E2LLM: Encoder Elongated Large Language Models for Long-Context Understanding and Reasoning

Zihan Liao,Jun Wang,Hang Yu,Lingxiao Wei,Jianguo Li,Jun Wang,Wei Zhang
2024-09-11
Abstract:In the realm of Large Language Models (LLMs), the ability to process long contexts is increasingly crucial for tasks such as multi-round dialogues, code generation, and document summarization. This paper addresses the challenges of enhancing the long-context performance, reducing computational complexity, and leveraging pretrained models collectively termed the "impossible triangle." We introduce E2LLM (Encoder Elongated Large Language Models), a novel approach that effectively navigates this paradox. The method involves splitting long contexts into chunks, compressing each into embedding vectors via a pretrained text encoder, and utilizing an adapter to align these representations with a decoder-only LLM. Two training objectives, focusing on reconstruction of the encoder output and long-context instruction fine-tuning, are employed to facilitate the understanding of soft prompts by the LLM. Experimental results demonstrate that E2LLM achieves superior performance in long-context scenarios while balancing efficiency, performance, and compatibility with pretrained models. Our framework thus represents a significant advancement in the field, contributing to effective long-text modeling.
Computation and Language
What problem does this paper attempt to address?

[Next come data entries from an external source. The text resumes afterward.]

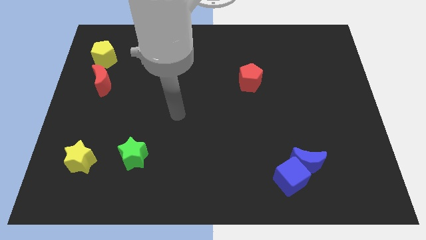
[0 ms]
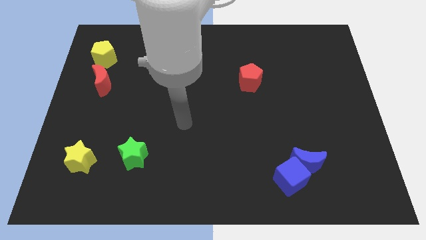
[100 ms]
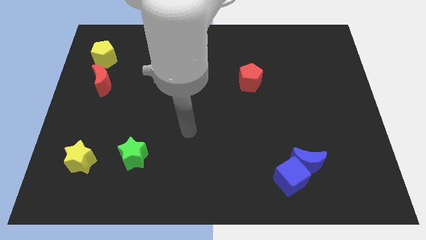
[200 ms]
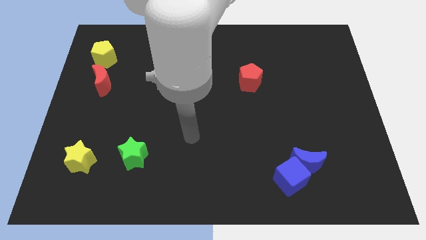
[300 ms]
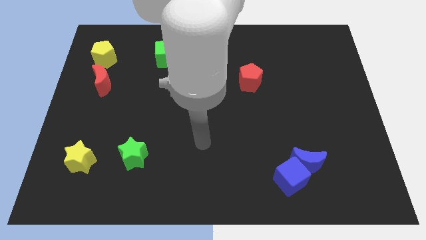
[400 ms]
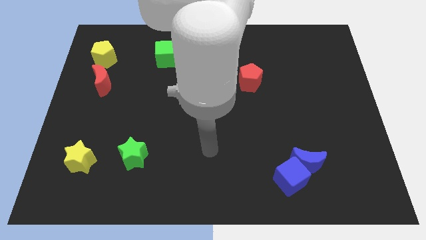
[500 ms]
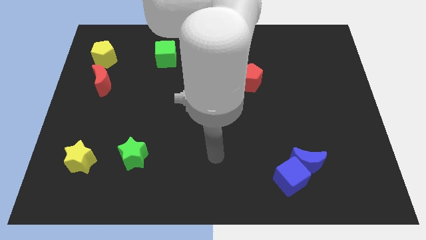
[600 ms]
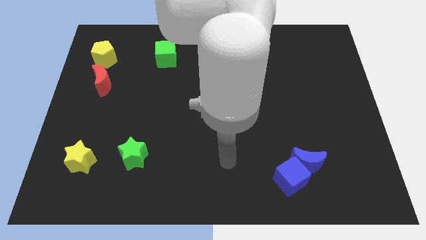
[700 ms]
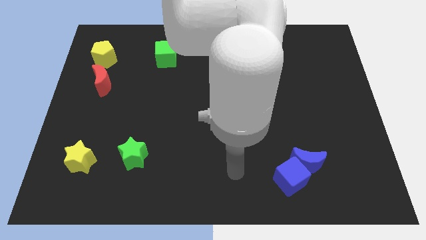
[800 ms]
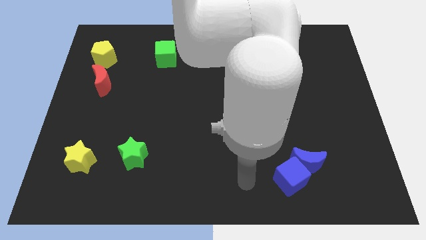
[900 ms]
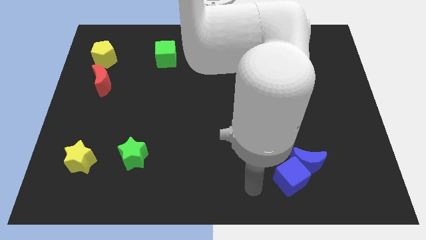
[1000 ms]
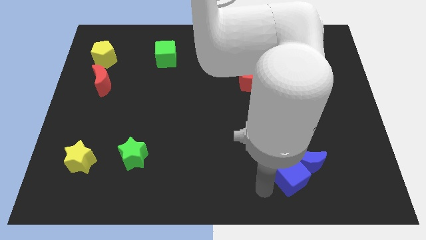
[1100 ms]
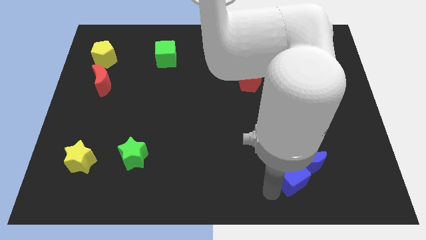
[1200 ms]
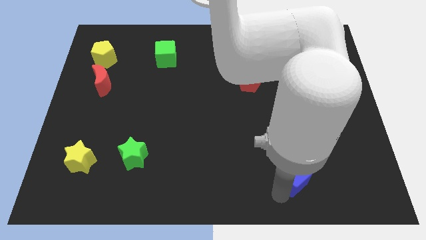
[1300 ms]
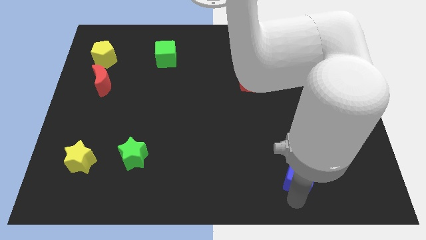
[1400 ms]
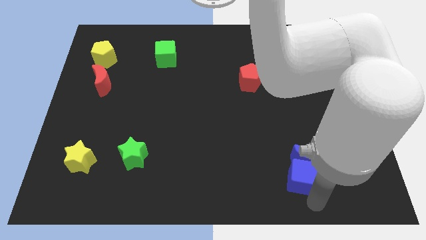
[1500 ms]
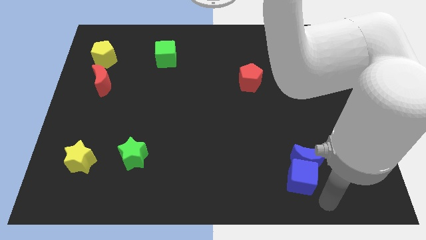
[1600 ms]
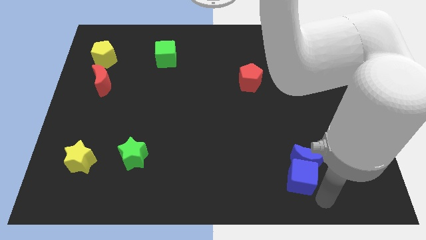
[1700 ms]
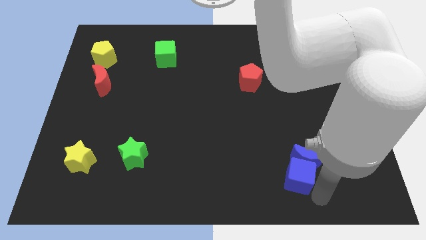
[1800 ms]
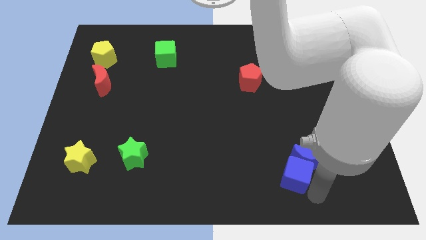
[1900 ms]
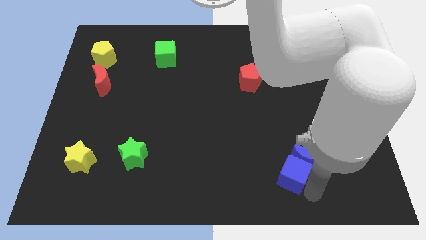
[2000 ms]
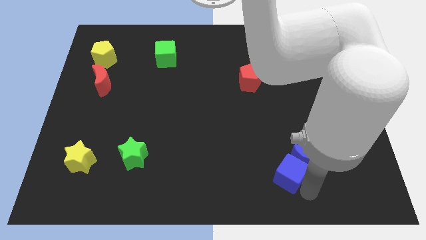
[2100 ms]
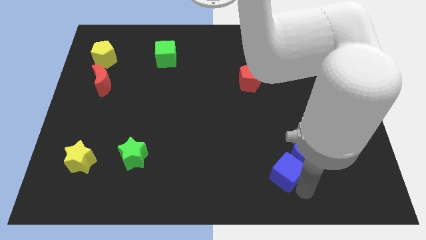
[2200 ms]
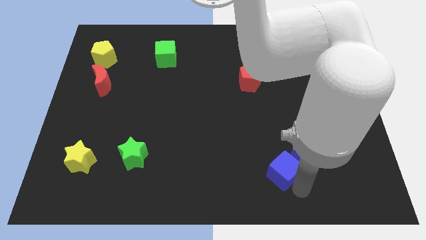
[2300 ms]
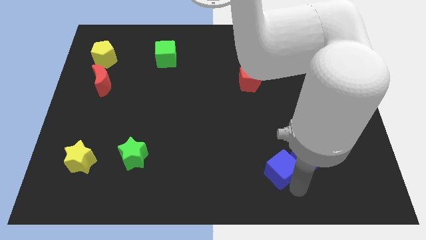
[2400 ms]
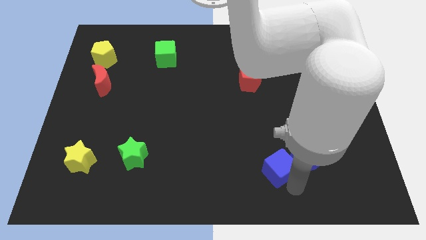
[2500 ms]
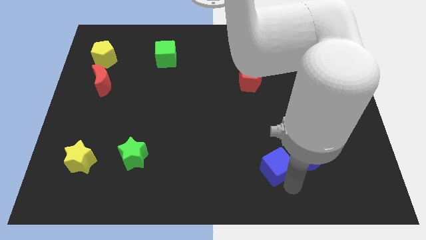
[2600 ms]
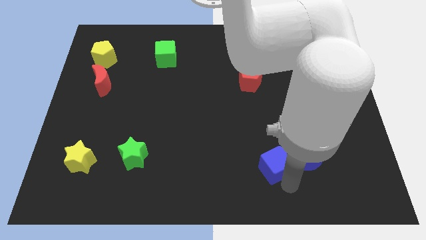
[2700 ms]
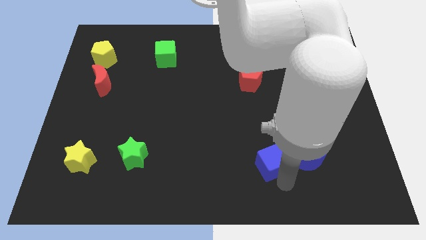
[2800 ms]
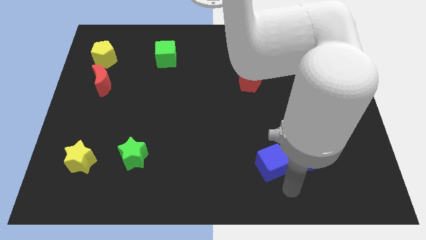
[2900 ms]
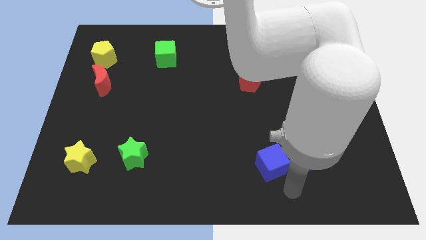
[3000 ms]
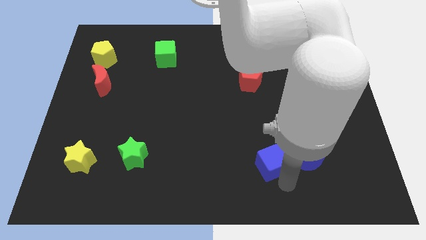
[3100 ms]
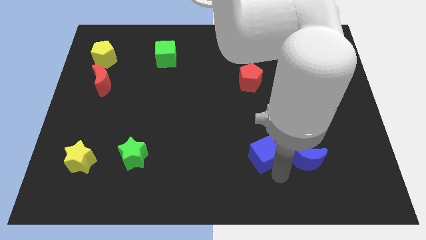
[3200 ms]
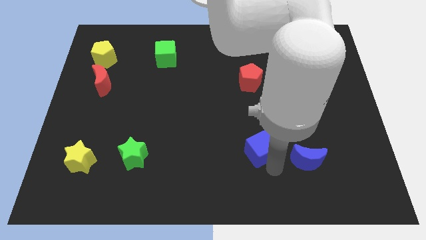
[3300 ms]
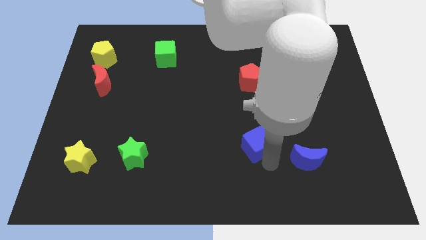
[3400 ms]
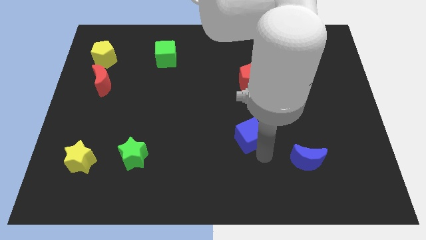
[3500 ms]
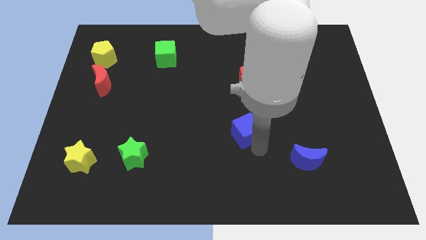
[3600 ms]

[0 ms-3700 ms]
push the blue cube to the center

The paper attempts to address the balance between handling long contexts in large language models (LLMs), reducing computational complexity, and leveraging pre-trained models, known as the "impossible trinity." Specifically, the paper aims to improve LLMs' long-context understanding and reasoning abilities in tasks such as multi-turn dialogue, code generation, and document summarization, while reducing training and inference computational costs and ensuring compatibility with existing pre-trained models. To tackle this challenge, the paper proposes E2LLM (Encoder Elongated Large Language Models), a novel approach based on pre-trained text encoders and decoder-type LLMs. E2LLM works by splitting long texts into multiple chunks, using a pre-trained text encoder to compress each chunk into embedding vectors, and then aligning these embedding vectors to the input space of decoder-type LLMs through adapters, thereby enabling effective handling of long contexts. Additionally, E2LLM introduces two training objectives: one is to reconstruct the encoder outputs, and the other is long-context instruction fine-tuning to enhance LLMs' understanding of soft prompts, thereby generating accurate answers. Experimental results show that E2LLM performs excellently in long-context scenarios, achieving a good balance between performance, efficiency, and compatibility, and bringing significant advancements to the field of long-text modeling.